The woman wore a UPS uniform, but her plain sedan and thoughts revealed that she worked for another employer. Still, if Bones and I wouldn’t have had our senses lasered on everyone who entered that parking garage, we would have skipped right over her.

For starters, she parked at the sidewalk instead of inside the garage even though that’s where she was headed. Furthermore, everything about her seemed designed to be forgettable, from her short, lackluster hair to her average build and her pleasant-yet-plain features. Dress her in another uniform, and she could serve you pancakes at the local diner without once piquing your curiosity, yet her thoughts were in stark contrast to her appearance. She took note of her surroundings with military precision I’d worked hard to drill into my men when I commanded my old unit.

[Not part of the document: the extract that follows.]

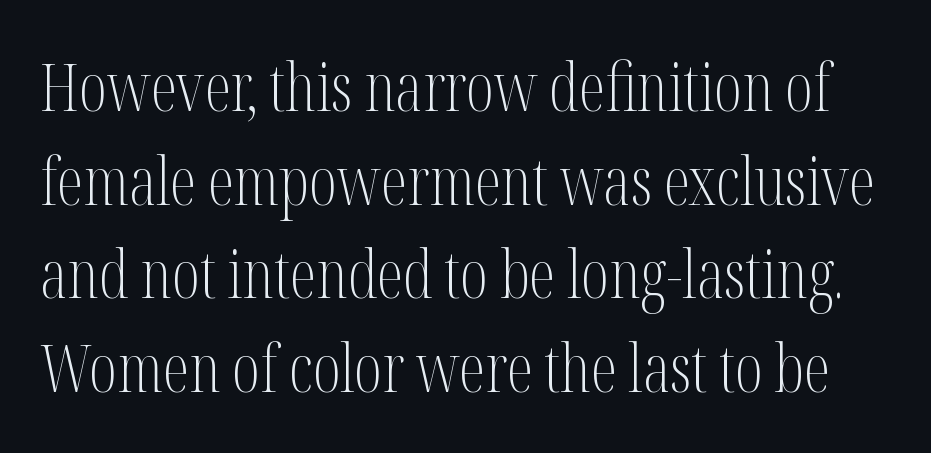
The image shows 66 px light, condensed serif type, upright; set normal line spacing (1.42x), normal letter spacing, not underlined; medium stroke contrast and a medium x-height.
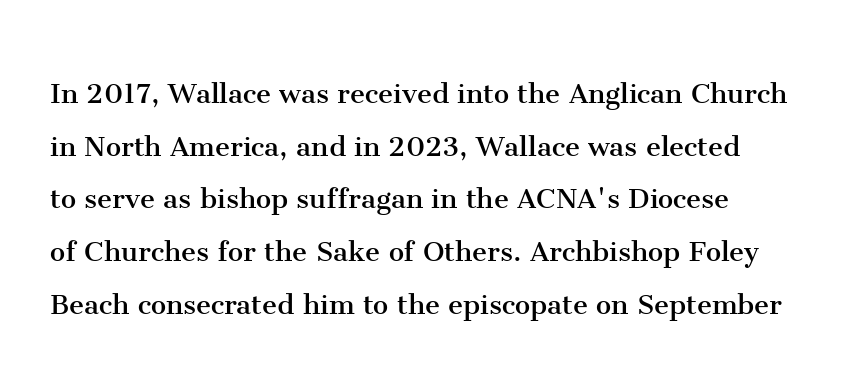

She’d never fall for the broken heel in the street act. She’d run me over first and check to see if I was an actual threat later.

Which meant we needed a new plan.

“We need to switch tactics,” Bones stated, echoing my concerns.

I gave the sunlight a frustrated glance. If only she’d made her drop at night! With the cover of darkness, we could snatch her up and fly her away with minimal chance of anyone noticing. But revealing our species to humanity with a splashy supernatural kidnapping in broad daylight would make our current predicament look mild by comparison. There was a reason vampires had stayed in their metaphorical coffins for millennia. Anyone who threatened the secret of our existence ended up dead the messy, painful way by the Law Guardians.

“We could follow her home, take her there,” I suggested.

“She doesn’t live around here,” a sleep-thickened voice stated from the backseat.

Ian. I’d almost forgotten he was here, probably because he’d been napping the past seven hours while Bones and I staked out the parking garage. Now he sat up in a slouch, sliding his black satin sleep mask up to his hairline.

“She’d live near the pickup point, not the drop-off location,” he continued, blinking at the bright sunlight streaming into our car. “Which one is she?”

“The brunette wearing the UPS uniform,” I said, pointing at her as she walked briskly toward the elevator. From our parked position on top of a hill across the street, we had a good view of the multi-level garage, which was why we’d chosen the spot.

Ian stared until she disappeared inside the elevator. Then he glanced back at me.

“Don’t fret, poppet. I’ll get her.”

“We need to do this discreetly. If I wanted to make a colossal scene, I’d just drag her off kicking and screaming now,” I said, not adding, “dumb ass” only because he was family.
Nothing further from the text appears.